アクバー:アメリカでは、ハイクラスなプライベートクラブの中にあるゴルフショップがメイン。600箇所くらいに卸しているかな。あとはスポットで、US OPENで6回、MASTERSでも4回販売させてもらったよ。

編集部:すごいね! メジャートーナメントでの販売は、どういういきさつで?

アクバー:もともと販売をしていた、チェンバーズベイというゴルフ場が、US OPENの会場となったのがきっかけで。そこから他のメジャーにも繋がっていったんだ。2019年のプレジデンツカップのチームにもヘッドカバーを提供したんだ。

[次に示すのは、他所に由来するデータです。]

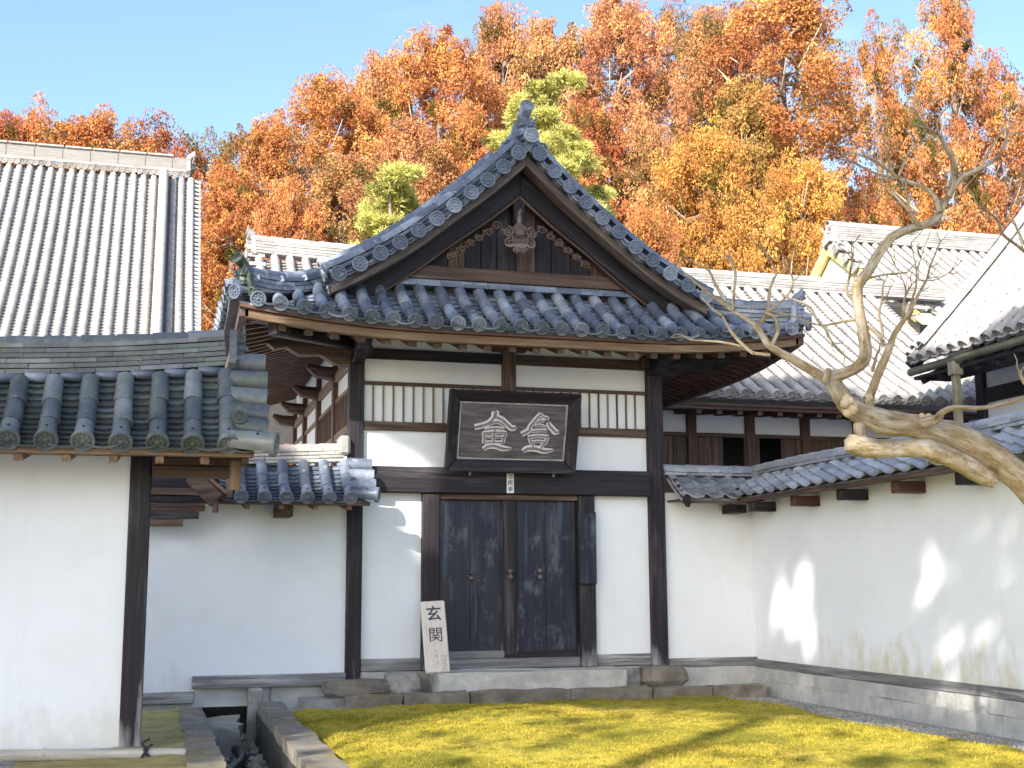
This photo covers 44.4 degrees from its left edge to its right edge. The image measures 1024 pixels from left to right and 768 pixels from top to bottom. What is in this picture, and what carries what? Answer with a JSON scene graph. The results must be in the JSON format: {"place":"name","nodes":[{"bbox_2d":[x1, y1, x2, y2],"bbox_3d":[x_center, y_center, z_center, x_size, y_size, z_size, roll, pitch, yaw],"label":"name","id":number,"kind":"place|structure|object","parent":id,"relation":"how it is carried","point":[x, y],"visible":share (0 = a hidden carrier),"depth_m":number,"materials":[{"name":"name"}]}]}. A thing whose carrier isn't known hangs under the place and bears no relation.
{"place":"outdoors","nodes":[
{"label":"outdoors","id":0,"kind":"place"},
{"bbox_2d":[0,697,1023,767],"bbox_3d":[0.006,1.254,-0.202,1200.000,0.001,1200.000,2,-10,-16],"label":"ground","id":1,"kind":"structure","parent":0,"point":[13,764],"depth_m":11.48,"materials":[{"name":"grey gravel"}]},
{"bbox_2d":[0,140,200,364],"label":"hall","id":2,"kind":"structure","parent":1,"relation":"on","point":[91,251],"depth_m":29.00,"materials":[{"name":"tile"}]},
{"bbox_2d":[13,708,187,767],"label":"moss strip","id":3,"kind":"object","parent":1,"relation":"on","point":[161,729],"visible":0.3,"depth_m":9.31,"materials":[{"name":"plant"}]},
{"bbox_2d":[0,738,185,761],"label":"bamboo rail","id":4,"kind":"object","parent":3,"relation":"on","point":[22,755],"visible":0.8,"depth_m":9.24,"materials":[{"name":"beige wood"}]},
{"bbox_2d":[0,327,279,748],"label":"plaster wall","id":5,"kind":"structure","parent":1,"relation":"on","point":[98,433],"depth_m":9.93,"materials":[{"name":"white paint"}]},
{"bbox_2d":[179,707,226,767],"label":"drain kerb","id":6,"kind":"structure","parent":1,"relation":"on","point":[202,748],"depth_m":10.08,"materials":[{"name":"grey stone"}]},
{"bbox_2d":[198,706,266,767],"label":"drain channel","id":7,"kind":"object","parent":1,"relation":"in","point":[241,711],"depth_m":13.72,"materials":[{"name":"stone"}]},
{"bbox_2d":[208,715,243,757],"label":"drain slab","id":8,"kind":"structure","parent":7,"relation":"on","point":[227,730],"depth_m":11.89,"materials":[{"name":"grey stone"}]},
{"bbox_2d":[227,745,246,767],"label":"drain hose","id":9,"kind":"object","parent":7,"relation":"on","point":[240,754],"visible":0.5,"depth_m":11.21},
{"bbox_2d":[224,732,267,767],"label":"rubble","id":10,"kind":"object","parent":7,"relation":"on","point":[258,761],"visible":0.37,"depth_m":11.74,"materials":[{"name":"grey stone"}]},
{"bbox_2d":[142,435,380,741],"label":"plaster wall","id":11,"kind":"structure","parent":1,"relation":"on","point":[246,591],"depth_m":13.53,"materials":[{"name":"white paint"}]},
{"bbox_2d":[255,701,348,767],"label":"drain kerb","id":12,"kind":"structure","parent":1,"relation":"on","point":[285,738],"depth_m":10.06,"materials":[{"name":"grey stone"}]},
{"bbox_2d":[346,159,428,244],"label":"pine tree","id":13,"kind":"object","parent":1,"relation":"on","point":[395,200],"visible":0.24,"depth_m":34.47,"materials":[{"name":"green plant"}]},
{"bbox_2d":[343,20,512,196],"bbox_3d":[-3.660,0.992,60.162,10.843,38.626,10.256,2,-10,-16],"label":"tree","id":14,"kind":"object","parent":1,"relation":"on","point":[444,64],"visible":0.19,"depth_m":61.30,"materials":[{"name":"orange plant"}]},
{"bbox_2d":[418,98,496,197],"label":"tree","id":15,"kind":"object","parent":1,"relation":"on","point":[464,135],"visible":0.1,"depth_m":55.36,"materials":[{"name":"orange plant"}]},
{"bbox_2d":[460,0,541,151],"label":"tree","id":16,"kind":"object","parent":1,"relation":"on","point":[500,32],"visible":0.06,"depth_m":67.52,"materials":[{"name":"orange plant"}]},
{"bbox_2d":[298,665,770,709],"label":"stone platform","id":17,"kind":"structure","parent":1,"relation":"on","point":[505,695],"depth_m":13.56,"materials":[{"name":"grey stone"}]},
{"bbox_2d":[321,678,389,697],"bbox_3d":[-1.675,3.280,13.515,0.740,0.185,0.417,2,-10,-16],"label":"foundation stone","id":18,"kind":"object","parent":17,"relation":"on","point":[342,688],"visible":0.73,"depth_m":13.34,"materials":[{"name":"grey stone"}]},
{"bbox_2d":[384,671,422,694],"bbox_3d":[-1.188,3.264,13.674,0.426,0.261,0.341,2,-10,-16],"label":"foundation stone","id":19,"kind":"object","parent":17,"relation":"on","point":[399,682],"visible":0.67,"depth_m":13.54,"materials":[{"name":"grey stone"}]},
{"bbox_2d":[212,99,811,678],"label":"temple gate","id":20,"kind":"structure","parent":17,"relation":"on","point":[522,259],"depth_m":14.44,"materials":[{"name":"tile"}]},
{"bbox_2d":[439,500,502,650],"bbox_3d":[-0.476,2.187,14.274,0.755,1.732,0.119,2,-10,-16],"label":"door","id":21,"kind":"structure","parent":20,"relation":"in","point":[470,549],"depth_m":14.28,"materials":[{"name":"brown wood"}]},
{"bbox_2d":[507,473,513,492],"bbox_3d":[-0.019,1.141,14.434,0.084,0.230,0.014,2,-10,-16],"label":"name tag","id":22,"kind":"object","parent":20,"relation":"attached to","point":[510,482],"visible":1,"depth_m":14.43,"materials":[{"name":"white paper"}]},
{"bbox_2d":[444,389,581,476],"bbox_3d":[0.009,0.566,14.305,1.540,0.944,0.400,2,-10,-16],"label":"name board","id":23,"kind":"object","parent":20,"relation":"attached to","point":[503,432],"visible":1,"depth_m":14.29,"materials":[{"name":"brown wood"}]},
{"bbox_2d":[516,501,576,652],"bbox_3d":[0.390,2.222,14.516,0.725,1.732,0.119,2,-10,-16],"label":"door","id":24,"kind":"structure","parent":20,"relation":"in","point":[545,530],"depth_m":14.51,"materials":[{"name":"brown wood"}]},
{"bbox_2d":[429,666,626,691],"bbox_3d":[0.189,3.296,13.944,2.187,0.250,0.466,2,-10,-16],"label":"step stone","id":25,"kind":"object","parent":17,"relation":"on","point":[518,678],"visible":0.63,"depth_m":13.77,"materials":[{"name":"grey stone"}]},
{"bbox_2d":[420,600,449,673],"bbox_3d":[-0.836,2.747,13.626,0.303,0.775,0.190,2,-10,-16],"label":"entrance sign","id":26,"kind":"object","parent":25,"relation":"on","point":[435,638],"visible":1,"depth_m":13.60,"materials":[{"name":"white wood"}]},
{"bbox_2d":[620,667,640,685],"bbox_3d":[1.316,3.372,14.420,0.363,0.217,0.251,2,-10,-16],"label":"foundation stone","id":27,"kind":"object","parent":17,"relation":"on","point":[633,675],"visible":0.44,"depth_m":14.33,"materials":[{"name":"grey stone"}]},
{"bbox_2d":[639,665,688,686],"bbox_3d":[1.727,3.365,14.457,0.572,0.237,0.434,2,-10,-16],"label":"foundation stone","id":28,"kind":"object","parent":17,"relation":"on","point":[661,675],"visible":0.82,"depth_m":14.27,"materials":[{"name":"grey stone"}]},
{"bbox_2d":[478,10,613,186],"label":"cedar tree","id":29,"kind":"object","parent":1,"relation":"on","point":[543,55],"visible":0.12,"depth_m":65.46,"materials":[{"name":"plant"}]},
{"bbox_2d":[479,66,622,220],"bbox_3d":[1.207,-1.300,38.532,4.980,17.519,3.913,2,-10,-16],"label":"pine tree","id":30,"kind":"object","parent":1,"relation":"on","point":[568,148],"visible":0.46,"depth_m":39.31,"materials":[{"name":"green plant"}]},
{"bbox_2d":[600,184,617,204],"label":"pine tree","id":31,"kind":"object","parent":1,"relation":"on","point":[610,192],"visible":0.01,"depth_m":41.48,"materials":[{"name":"green plant"}]},
{"bbox_2d":[564,96,661,227],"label":"cedar tree","id":32,"kind":"object","parent":1,"relation":"on","point":[602,125],"visible":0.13,"depth_m":56.54,"materials":[{"name":"orange plant"}]},
{"bbox_2d":[605,98,702,267],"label":"tree","id":33,"kind":"object","parent":1,"relation":"on","point":[643,145],"visible":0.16,"depth_m":56.20,"materials":[{"name":"orange plant"}]},
{"bbox_2d":[291,695,1023,767],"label":"moss lawn","id":34,"kind":"structure","parent":1,"relation":"on","point":[625,732],"depth_m":9.96,"materials":[{"name":"yellow plant"}]},
{"bbox_2d":[671,95,1023,504],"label":"bare tree","id":35,"kind":"object","parent":34,"relation":"on","point":[976,456],"visible":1,"depth_m":7.31,"materials":[{"name":"beige plant"}]},
{"bbox_2d":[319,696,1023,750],"bbox_3d":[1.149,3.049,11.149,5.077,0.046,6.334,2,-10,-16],"label":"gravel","id":36,"kind":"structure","parent":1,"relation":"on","point":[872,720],"depth_m":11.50,"materials":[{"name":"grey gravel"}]},
{"bbox_2d":[623,0,732,268],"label":"tree","id":37,"kind":"object","parent":1,"relation":"on","point":[667,16],"visible":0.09,"depth_m":72.92,"materials":[{"name":"orange plant"}]},
{"bbox_2d":[663,464,764,685],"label":"garden wall","id":38,"kind":"structure","parent":1,"relation":"on","point":[710,602],"depth_m":15.04,"materials":[{"name":"paint"}]},
{"bbox_2d":[669,1,774,221],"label":"tree","id":39,"kind":"object","parent":1,"relation":"on","point":[702,70],"visible":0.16,"depth_m":68.19,"materials":[{"name":"orange plant"}]},
{"bbox_2d":[694,0,879,272],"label":"tree","id":40,"kind":"object","parent":1,"relation":"on","point":[819,76],"visible":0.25,"depth_m":62.32,"materials":[{"name":"orange plant"}]},
{"bbox_2d":[837,167,902,226],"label":"cedar tree","id":41,"kind":"object","parent":1,"relation":"on","point":[871,216],"visible":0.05,"depth_m":63.12,"materials":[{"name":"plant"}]},
{"bbox_2d":[810,220,999,380],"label":"gabled hall","id":42,"kind":"structure","parent":1,"relation":"on","point":[970,249],"depth_m":27.75,"materials":[{"name":"tile"}]},
{"bbox_2d":[905,204,1023,423],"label":"tall hall","id":43,"kind":"structure","parent":1,"relation":"on","point":[981,312],"depth_m":18.34,"materials":[{"name":"tile"}]},
{"bbox_2d":[0,0,1023,325],"label":"sky","id":44,"kind":"structure","parent":0,"point":[219,64],"materials":[{"name":"blue"}]},
{"bbox_2d":[244,227,976,492],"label":"hall","id":45,"kind":"structure","parent":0,"point":[781,409],"depth_m":20.38,"materials":[{"name":"tile"}]},
{"bbox_2d":[731,410,1023,740],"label":"garden wall","id":46,"kind":"structure","parent":0,"point":[890,587],"depth_m":12.25,"materials":[{"name":"paint"}]},
{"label":"hill","id":47,"kind":"structure","parent":0,"visible":0},
{"bbox_2d":[0,108,27,164],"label":"maple tree","id":48,"kind":"object","parent":47,"relation":"on","point":[8,130],"visible":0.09,"depth_m":55.81,"materials":[{"name":"orange plant"}]},
{"bbox_2d":[13,90,65,167],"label":"maple tree","id":49,"kind":"object","parent":47,"relation":"on","point":[29,127],"visible":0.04,"depth_m":58.28,"materials":[{"name":"orange plant"}]},
{"bbox_2d":[18,101,143,173],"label":"tree","id":50,"kind":"object","parent":47,"relation":"on","point":[94,132],"visible":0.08,"depth_m":56.17,"materials":[{"name":"orange plant"}]},
{"bbox_2d":[103,107,211,299],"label":"tree","id":51,"kind":"object","parent":47,"relation":"on","point":[155,145],"visible":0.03,"depth_m":59.42,"materials":[{"name":"orange plant"}]},
{"bbox_2d":[179,126,247,330],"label":"cedar tree","id":52,"kind":"object","parent":47,"relation":"on","point":[205,169],"visible":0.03,"depth_m":62.34,"materials":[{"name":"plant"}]},
{"bbox_2d":[198,167,288,464],"bbox_3d":[-12.140,3.172,52.881,6.292,25.746,6.623,-2,-9,9],"label":"cedar tree","id":53,"kind":"object","parent":47,"relation":"on","point":[241,199],"visible":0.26,"depth_m":53.59,"materials":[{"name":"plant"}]},
{"bbox_2d":[200,111,310,324],"bbox_3d":[-11.314,2.507,55.167,7.227,30.721,6.493,-3,-10,16],"label":"cedar tree","id":54,"kind":"object","parent":47,"relation":"on","point":[254,143],"visible":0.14,"depth_m":56.57,"materials":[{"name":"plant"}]},
{"bbox_2d":[225,165,333,464],"bbox_3d":[-8.622,3.567,47.409,5.735,24.582,5.877,2,-10,-16],"label":"cedar tree","id":55,"kind":"object","parent":47,"relation":"on","point":[281,213],"visible":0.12,"depth_m":48.43,"materials":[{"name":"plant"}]},
{"bbox_2d":[224,65,412,241],"bbox_3d":[-8.857,1.586,56.815,9.444,33.913,9.632,2,-10,-16],"label":"tree","id":56,"kind":"object","parent":47,"relation":"on","point":[322,102],"visible":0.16,"depth_m":58.46,"materials":[{"name":"orange plant"}]},
{"bbox_2d":[297,150,377,244],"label":"tree","id":57,"kind":"object","parent":47,"relation":"on","point":[343,183],"visible":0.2,"depth_m":50.71,"materials":[{"name":"orange plant"}]},
{"bbox_2d":[330,47,425,241],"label":"tree","id":58,"kind":"object","parent":47,"relation":"on","point":[381,86],"visible":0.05,"depth_m":62.94,"materials":[{"name":"orange plant"}]},
{"bbox_2d":[335,112,456,242],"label":"tree","id":59,"kind":"object","parent":47,"relation":"on","point":[424,150],"visible":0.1,"depth_m":53.28,"materials":[{"name":"orange plant"}]},
{"bbox_2d":[556,0,699,209],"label":"tree","id":60,"kind":"object","parent":47,"relation":"on","point":[614,20],"visible":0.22,"depth_m":62.72,"materials":[{"name":"orange plant"}]},
{"bbox_2d":[622,188,684,266],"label":"cedar tree","id":61,"kind":"object","parent":47,"relation":"on","point":[648,230],"visible":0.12,"depth_m":49.24,"materials":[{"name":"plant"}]},
{"bbox_2d":[647,110,789,274],"bbox_3d":[8.029,3.043,51.011,8.451,30.186,7.923,-8,-12,38],"label":"cedar tree","id":62,"kind":"object","parent":47,"relation":"on","point":[694,166],"visible":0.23,"depth_m":51.93,"materials":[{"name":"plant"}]},
{"bbox_2d":[679,66,831,269],"bbox_3d":[11.969,1.901,59.866,7.572,35.902,7.193,-3,-10,19],"label":"tree","id":63,"kind":"object","parent":47,"relation":"on","point":[756,144],"visible":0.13,"depth_m":61.49,"materials":[{"name":"orange plant"}]},
{"bbox_2d":[736,139,850,275],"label":"cedar tree","id":64,"kind":"object","parent":47,"relation":"on","point":[807,191],"visible":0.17,"depth_m":54.48,"materials":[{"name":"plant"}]},
{"bbox_2d":[825,8,939,228],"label":"tree","id":65,"kind":"object","parent":47,"relation":"on","point":[894,111],"visible":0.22,"depth_m":71.12,"materials":[{"name":"orange plant"}]},
{"bbox_2d":[867,100,950,228],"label":"tree","id":66,"kind":"object","parent":47,"relation":"on","point":[911,154],"visible":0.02,"depth_m":75.46,"materials":[{"name":"orange plant"}]},
{"bbox_2d":[894,0,1023,234],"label":"tree","id":67,"kind":"object","parent":47,"relation":"on","point":[949,28],"visible":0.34,"depth_m":67.40,"materials":[{"name":"orange plant"}]},
{"bbox_2d":[937,47,1023,233],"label":"tree","id":68,"kind":"object","parent":47,"relation":"on","point":[1009,86],"visible":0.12,"depth_m":72.81,"materials":[{"name":"orange plant"}]},
{"bbox_2d":[981,93,1023,232],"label":"tree","id":69,"kind":"object","parent":47,"relation":"on","point":[1012,174],"visible":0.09,"depth_m":81.37,"materials":[{"name":"orange plant"}]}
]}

世界のベストゴルファーに使ってもらっているということは、誇り高いし、ブランドの付加価値にもなる。

編集部:マット・クーチャーとも親しいんだとか。

アクバー:2015年に、「ヘッドカバーを買いたいと思ってるんだけど、ロゴを入れてもらうことは可能ですか?」って問い合わせがきたんだ。で、メーガンが僕に「マット・クーチャーって知ってる? その人がロゴを入れて欲しいって言ってるんだけどどうする?」って。

メーガン:ちがうちがう、さすがに名前は知ってた。ただ、まさか本人だと思わなくて。同姓同名? 珍しいなって思っただけ(笑)。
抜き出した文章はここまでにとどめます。